**What is being asked**
Please return the data word for word and leave out any picture it contains.

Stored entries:
● ● ● ●

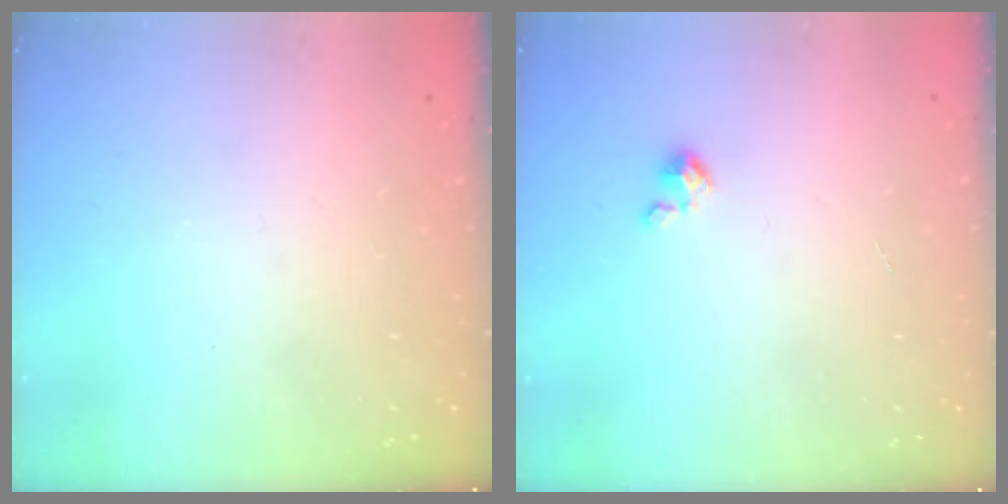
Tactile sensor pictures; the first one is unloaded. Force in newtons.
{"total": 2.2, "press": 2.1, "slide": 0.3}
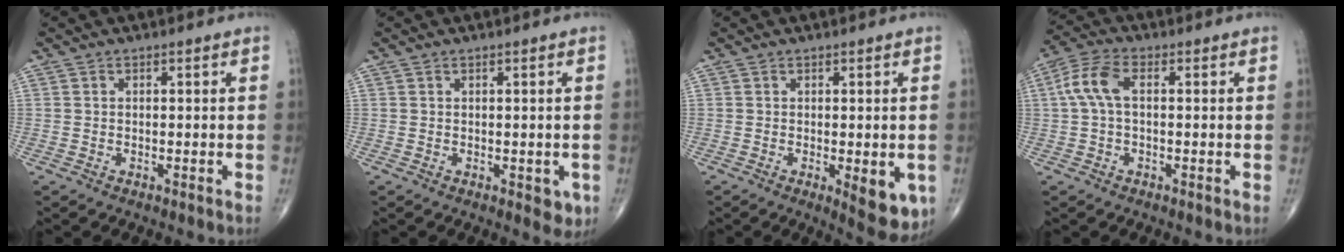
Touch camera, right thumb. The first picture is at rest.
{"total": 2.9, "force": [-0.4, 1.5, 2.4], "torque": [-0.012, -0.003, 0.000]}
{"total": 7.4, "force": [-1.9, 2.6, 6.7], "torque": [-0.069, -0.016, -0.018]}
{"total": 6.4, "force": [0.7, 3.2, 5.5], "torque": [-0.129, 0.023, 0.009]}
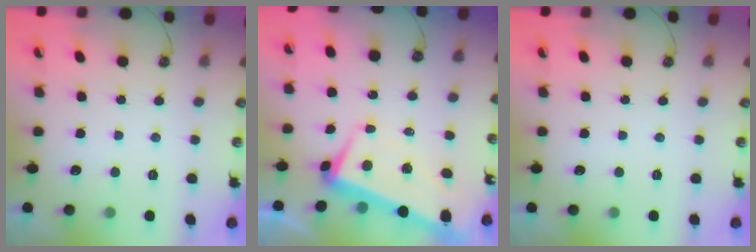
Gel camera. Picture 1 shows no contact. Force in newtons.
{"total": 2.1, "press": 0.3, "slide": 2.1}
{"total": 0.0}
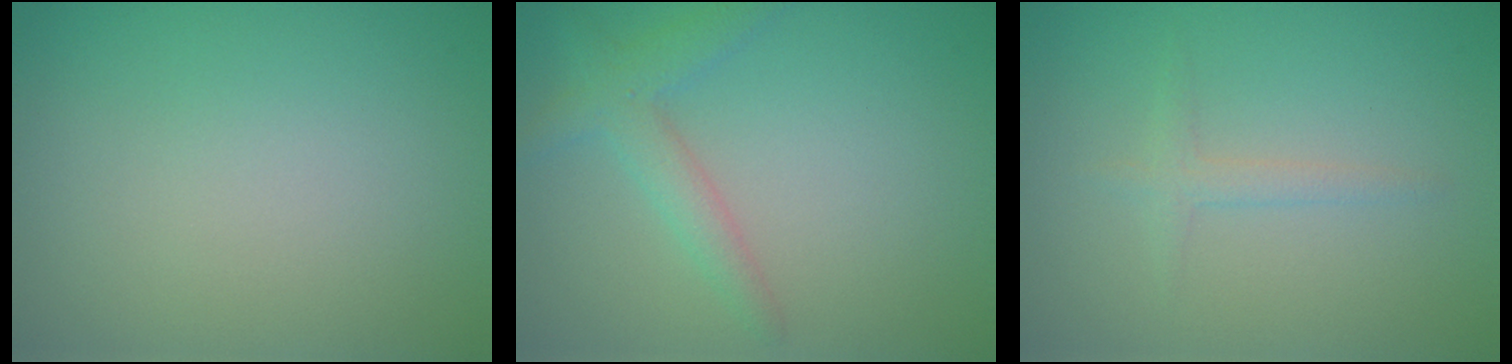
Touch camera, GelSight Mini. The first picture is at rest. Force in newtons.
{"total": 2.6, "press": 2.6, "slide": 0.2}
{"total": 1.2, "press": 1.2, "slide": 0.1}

● ● ● ●

**Result below**
Tactile sensor pictures; the first one is unloaded. Force in newtons.
{"total": 2.2, "press": 2.1, "slide": 0.3}
Touch camera, right thumb. The first picture is at rest.
{"total": 2.9, "force": [-0.4, 1.5, 2.4], "torque": [-0.012, -0.003, 0.000]}
{"total": 7.4, "force": [-1.9, 2.6, 6.7], "torque": [-0.069, -0.016, -0.018]}
{"total": 6.4, "force": [0.7, 3.2, 5.5], "torque": [-0.129, 0.023, 0.009]}
Gel camera. Picture 1 shows no contact. Force in newtons.
{"total": 2.1, "press": 0.3, "slide": 2.1}
{"total": 0.0}
Touch camera, GelSight Mini. The first picture is at rest. Force in newtons.
{"total": 2.6, "press": 2.6, "slide": 0.2}
{"total": 1.2, "press": 1.2, "slide": 0.1}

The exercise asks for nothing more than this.